Data records
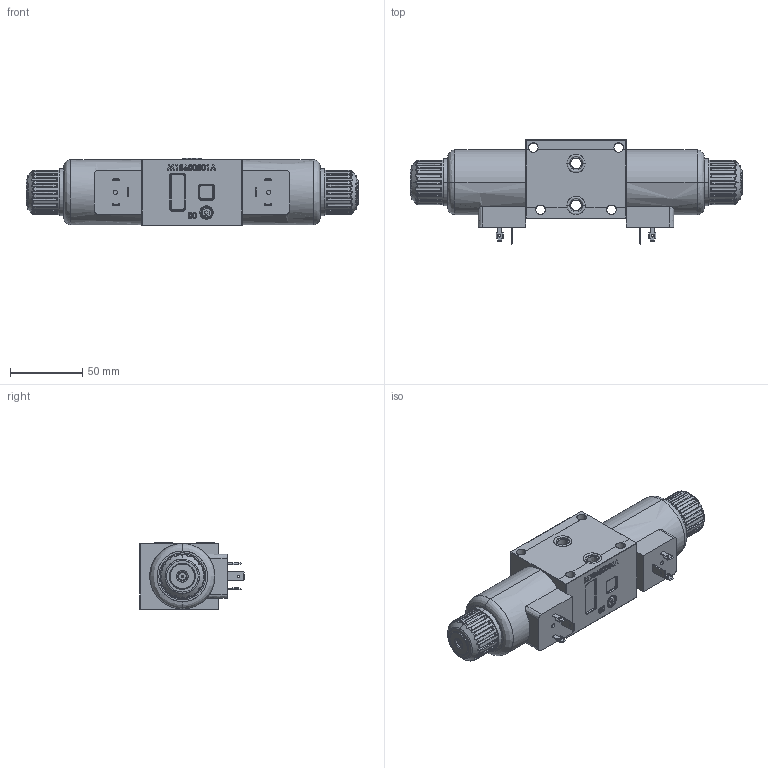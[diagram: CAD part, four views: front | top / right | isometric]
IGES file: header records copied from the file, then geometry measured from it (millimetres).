
Start section: SolidWorks IGES file using analytic representation for surfaces
Global section: file name: CD3GE--C-BY2.igs; native system: SolidWorks 2014; preprocessor: SolidWorks 2014; author: serviziopdm; date: 150608.140630; units: millimetre
Bounding box: 229.5 x 72.35 x 46.43 mm (x, y, z)
Surface area: 56189.1 mm2 (no closed solid volume)
Topology: 0 solids, 0 shells, 695 faces, 9992 edges, 9968 vertices
Faces by surface type: bspline 373, revolution 322
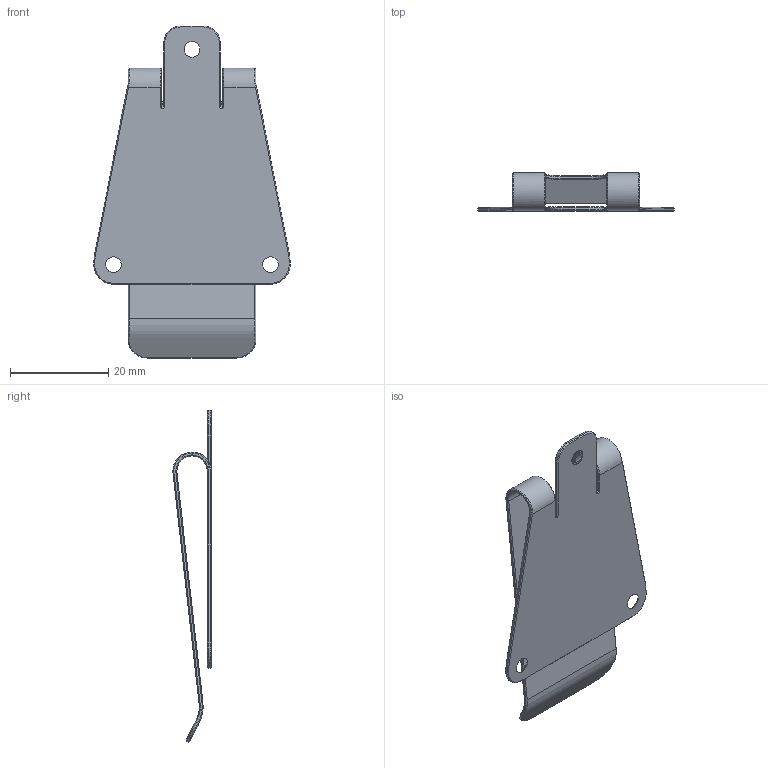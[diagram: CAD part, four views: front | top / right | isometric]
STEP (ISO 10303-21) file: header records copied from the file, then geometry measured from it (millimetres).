
FILE_DESCRIPTION(/* description */ (''),/* implementation_level */ '2;1');
FILE_NAME(/* name */ 'Lame-2',/* time_stamp */ '2019-12-23T17:53:55+01:00',/* author */ (''),/* organization */ (''),/* preprocessor_version */ 'ST-DEVELOPER v16.5',/* originating_system */ '',/* authorisation */ '');
FILE_SCHEMA (('AUTOMOTIVE_DESIGN'));
Length unit declared in the file: millimetre
Products named in the file (1): Document
Bounding box: 40 x 7.78 x 67.64 mm (x, y, z)
Volume: 2377 mm3; surface area: 6234.5 mm2
Topology: 1 solids, 1 shells, 150 faces, 354 edges, 204 vertices
Faces by surface type: plane 76, bspline 74
Entity records: 4156 total; most frequent: CARTESIAN_POINT 1916, ORIENTED_EDGE 708, EDGE_CURVE 354, B_SPLINE_CURVE_WITH_KNOTS 249, VERTEX_POINT 204, EDGE_LOOP 156, ADVANCED_FACE 150, FACE_OUTER_BOUND 150
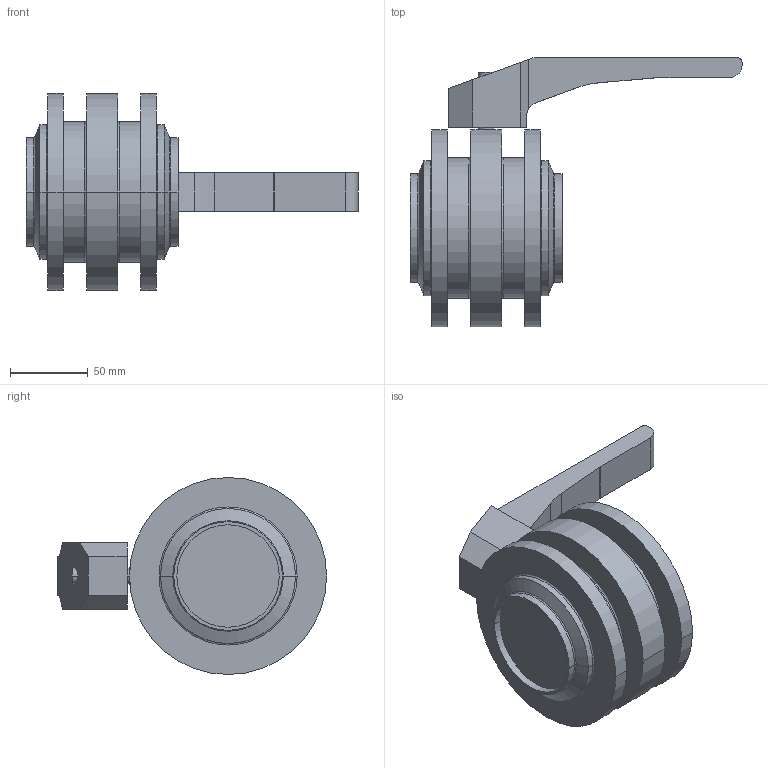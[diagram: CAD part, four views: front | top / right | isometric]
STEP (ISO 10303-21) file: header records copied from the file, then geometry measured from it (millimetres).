
FILE_DESCRIPTION(('OneSpaceDesigner STEP Export'),'2;1');
FILE_NAME('SVS1F-65-H-12S.stp','2007-05-29T11:35:52',(''),(''),'OneSpace Designer STEP processor for AP214 (Solid Model)','OneSpace Modeling 15.00 06-Feb-2007 (C) CoCreate Software GmbH','');
FILE_SCHEMA(('AUTOMOTIVE_DESIGN { 1 0 10303 214 1 1 1 1 }'));
Length unit declared in the file: millimetre
Products named in the file (3): SVS1F-65-H-12S; Handhebel-SV-40-100.; SVS1F-65-H-12S-vereint
Assembly tree (2 placements, depth 2):
  SVS1F-65-H-12S-vereint
    Handhebel-SV-40-100.
    SVS1F-65-H-12S
Bounding box: 214 x 173.5 x 127 mm (x, y, z)
Volume: 928648.5 mm3; surface area: 102885.1 mm2
Topology: 2 solids, 2 shells, 76 faces, 167 edges, 104 vertices
Faces by surface type: cylinder 31, plane 29, torus 12, cone 4
Entity records: 2305 total; most frequent: CARTESIAN_POINT 696, ORIENTED_EDGE 334, DIRECTION 303, EDGE_CURVE 167, AXIS2_PLACEMENT_3D 113, VERTEX_POINT 104, EDGE_LOOP 85, VECTOR 77
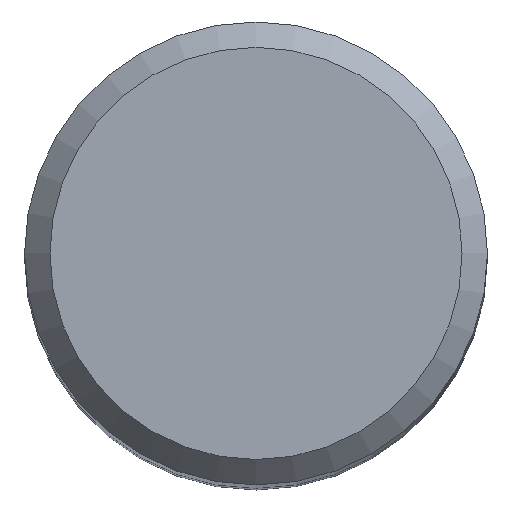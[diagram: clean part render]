
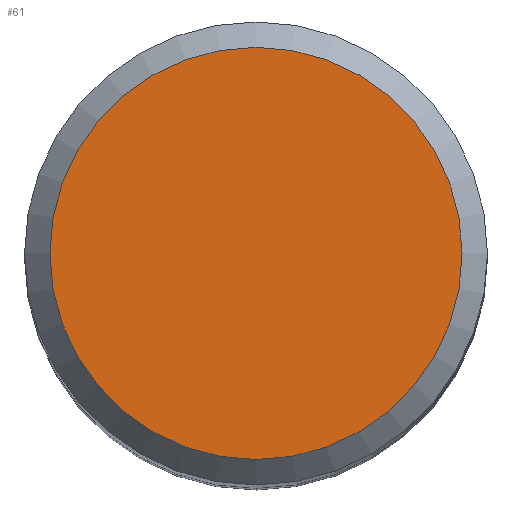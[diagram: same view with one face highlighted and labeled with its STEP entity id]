
A CAD part, top view. The second image highlights one B-rep face of the part: STEP entity #61.
In plain terms, the highlighted planar face has unit normal (0, 0, 1).
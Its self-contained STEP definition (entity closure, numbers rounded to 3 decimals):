
#51=PLANE('',#170);
#56=FACE_OUTER_BOUND('',#80,.T.);
#61=ADVANCED_FACE('',(#56),#51,.T.);
#80=EDGE_LOOP('',(#92));
#92=ORIENTED_EDGE('',*,*,#108,.F.);
#102=VERTEX_POINT('',#239);
#108=EDGE_CURVE('',#102,#102,#114,.T.);
#114=CIRCLE('',#167,4.947);
#167=AXIS2_PLACEMENT_3D('',#238,#189,#190);
#170=AXIS2_PLACEMENT_3D('',#243,#195,#196);
#189=DIRECTION('',(0.,0.,-1.));
#190=DIRECTION('',(-1.,0.,0.));
#195=DIRECTION('',(0.,0.,1.));
#196=DIRECTION('',(-1.,0.,0.));
#238=CARTESIAN_POINT('',(0.,0.,0.));
#239=CARTESIAN_POINT('',(-4.947,0.,0.));
#243=CARTESIAN_POINT('',(4.947,0.,0.));
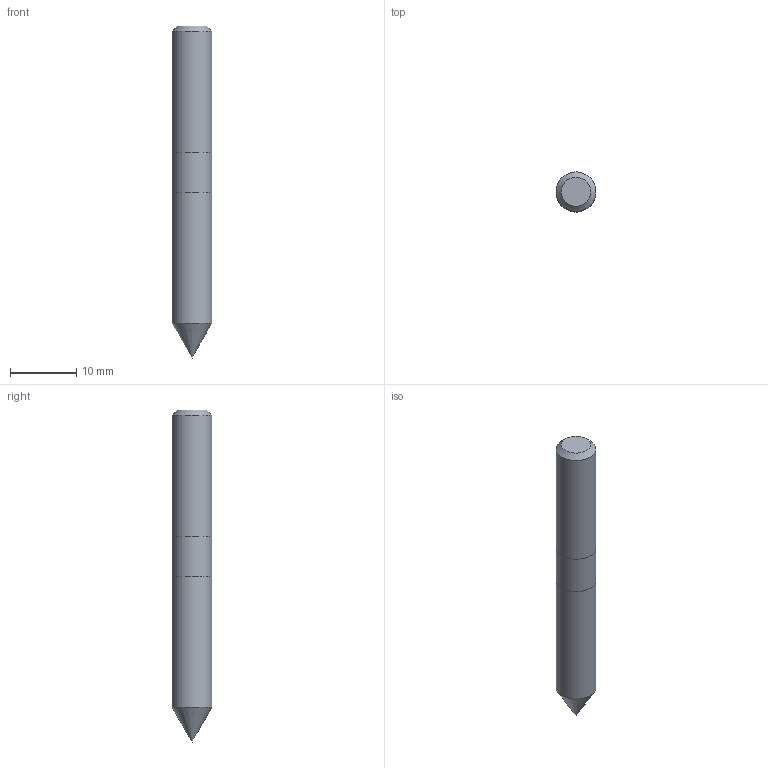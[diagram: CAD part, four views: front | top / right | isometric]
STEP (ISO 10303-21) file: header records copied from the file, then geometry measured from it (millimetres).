
FILE_DESCRIPTION(/* description */ (''),/* implementation_level */ '2;1');
FILE_NAME(/* name */ '29060.stp',/* time_stamp */ '2018-02-13T17:02:32+06:00',/* author */ (''),/* organization */ (''),/* preprocessor_version */ 'ST-DEVELOPER v16',/* originating_system */ 'SIEMENS PLM Software NX 11.0',/* authorisation */ '');
FILE_SCHEMA (('AUTOMOTIVE_DESIGN { 1 0 10303 214 3 1 1 1 }'));
Length unit declared in the file: millimetre
Products named in the file (1): 29060
Bounding box: 6 x 6 x 50 mm (x, y, z)
Volume: 1310.3 mm3; surface area: 1032.8 mm2
Topology: 3 solids, 3 shells, 10 faces, 15 edges, 10 vertices
Faces by surface type: plane 5, cylinder 3, cone 2
Full cylindrical faces by diameter (mm): 6 x3
Entity records: 250 total; most frequent: DIRECTION 42, CARTESIAN_POINT 29, AXIS2_PLACEMENT_3D 21, EDGE_LOOP 14, ORIENTED_EDGE 14, ADVANCED_FACE 10, FACE_BOUND 10, VERTEX_POINT 8

* EXERCISE PROMPT
Leaving out any pictures, write the records above out exactly as they are.

* RESULT FOR THIS TASK
[diagram: CAD part, four views: front | top / right | isometric]
IGES file: header records copied from the file, then geometry measured from it (millimetres).
Start section: SolidWorks IGES file using analytic representation for surfaces
Global section: file name: CD3GE--C-BY2.igs; native system: SolidWorks 2014; preprocessor: SolidWorks 2014; author: serviziopdm; date: 150608.140630; units: millimetre
Bounding box: 229.5 x 72.35 x 46.43 mm (x, y, z)
Surface area: 56189.1 mm2 (no closed solid volume)
Topology: 0 solids, 0 shells, 695 faces, 9992 edges, 9968 vertices
Faces by surface type: bspline 373, revolution 322
[diagram: CAD part, four views: front | top / right | isometric]
STEP (ISO 10303-21) file: header records copied from the file, then geometry measured from it (millimetres).
FILE_DESCRIPTION(/* description */ (''),/* implementation_level */ '2;1');
FILE_NAME(/* name */ 'Lame-2',/* time_stamp */ '2019-12-23T17:53:55+01:00',/* author */ (''),/* organization */ (''),/* preprocessor_version */ 'ST-DEVELOPER v16.5',/* originating_system */ '',/* authorisation */ '');
FILE_SCHEMA (('AUTOMOTIVE_DESIGN'));
Length unit declared in the file: millimetre
Products named in the file (1): Document
Bounding box: 40 x 7.78 x 67.64 mm (x, y, z)
Volume: 2377 mm3; surface area: 6234.5 mm2
Topology: 1 solids, 1 shells, 150 faces, 354 edges, 204 vertices
Faces by surface type: plane 76, bspline 74
Entity records: 4156 total; most frequent: CARTESIAN_POINT 1916, ORIENTED_EDGE 708, EDGE_CURVE 354, B_SPLINE_CURVE_WITH_KNOTS 249, VERTEX_POINT 204, EDGE_LOOP 156, ADVANCED_FACE 150, FACE_OUTER_BOUND 150
[diagram: CAD part, four views: front | top / right | isometric]
STEP (ISO 10303-21) file: header records copied from the file, then geometry measured from it (millimetres).
FILE_DESCRIPTION(('OneSpaceDesigner STEP Export'),'2;1');
FILE_NAME('SVS1F-65-H-12S.stp','2007-05-29T11:35:52',(''),(''),'OneSpace Designer STEP processor for AP214 (Solid Model)','OneSpace Modeling 15.00 06-Feb-2007 (C) CoCreate Software GmbH','');
FILE_SCHEMA(('AUTOMOTIVE_DESIGN { 1 0 10303 214 1 1 1 1 }'));
Length unit declared in the file: millimetre
Products named in the file (3): SVS1F-65-H-12S; Handhebel-SV-40-100.; SVS1F-65-H-12S-vereint
Assembly tree (2 placements, depth 2):
  SVS1F-65-H-12S-vereint
    Handhebel-SV-40-100.
    SVS1F-65-H-12S
Bounding box: 214 x 173.5 x 127 mm (x, y, z)
Volume: 928648.5 mm3; surface area: 102885.1 mm2
Topology: 2 solids, 2 shells, 76 faces, 167 edges, 104 vertices
Faces by surface type: cylinder 31, plane 29, torus 12, cone 4
Entity records: 2305 total; most frequent: CARTESIAN_POINT 696, ORIENTED_EDGE 334, DIRECTION 303, EDGE_CURVE 167, AXIS2_PLACEMENT_3D 113, VERTEX_POINT 104, EDGE_LOOP 85, VECTOR 77
[diagram: clean part render]
[diagram: same view with one face highlighted and labeled with its STEP entity id]
A CAD part, top view. The second image highlights one B-rep face of the part: STEP entity #61.
In plain terms, the highlighted planar face has unit normal (0, 0, 1).
Its self-contained STEP definition (entity closure, numbers rounded to 3 decimals):
#51=PLANE('',#170);
#56=FACE_OUTER_BOUND('',#80,.T.);
#61=ADVANCED_FACE('',(#56),#51,.T.);
#80=EDGE_LOOP('',(#92));
#92=ORIENTED_EDGE('',*,*,#108,.F.);
#102=VERTEX_POINT('',#239);
#108=EDGE_CURVE('',#102,#102,#114,.T.);
#114=CIRCLE('',#167,4.947);
#167=AXIS2_PLACEMENT_3D('',#238,#189,#190);
#170=AXIS2_PLACEMENT_3D('',#243,#195,#196);
#189=DIRECTION('',(0.,0.,-1.));
#190=DIRECTION('',(-1.,0.,0.));
#195=DIRECTION('',(0.,0.,1.));
#196=DIRECTION('',(-1.,0.,0.));
#238=CARTESIAN_POINT('',(0.,0.,0.));
#239=CARTESIAN_POINT('',(-4.947,0.,0.));
#243=CARTESIAN_POINT('',(4.947,0.,0.));
[diagram: CAD part, four views: front | top / right | isometric]
STEP (ISO 10303-21) file: header records copied from the file, then geometry measured from it (millimetres).
FILE_DESCRIPTION(/* description */ (''),/* implementation_level */ '2;1');
FILE_NAME(/* name */ '29060.stp',/* time_stamp */ '2018-02-13T17:02:32+06:00',/* author */ (''),/* organization */ (''),/* preprocessor_version */ 'ST-DEVELOPER v16',/* originating_system */ 'SIEMENS PLM Software NX 11.0',/* authorisation */ '');
FILE_SCHEMA (('AUTOMOTIVE_DESIGN { 1 0 10303 214 3 1 1 1 }'));
Length unit declared in the file: millimetre
Products named in the file (1): 29060
Bounding box: 6 x 6 x 50 mm (x, y, z)
Volume: 1310.3 mm3; surface area: 1032.8 mm2
Topology: 3 solids, 3 shells, 10 faces, 15 edges, 10 vertices
Faces by surface type: plane 5, cylinder 3, cone 2
Full cylindrical faces by diameter (mm): 6 x3
Entity records: 250 total; most frequent: DIRECTION 42, CARTESIAN_POINT 29, AXIS2_PLACEMENT_3D 21, EDGE_LOOP 14, ORIENTED_EDGE 14, ADVANCED_FACE 10, FACE_BOUND 10, VERTEX_POINT 8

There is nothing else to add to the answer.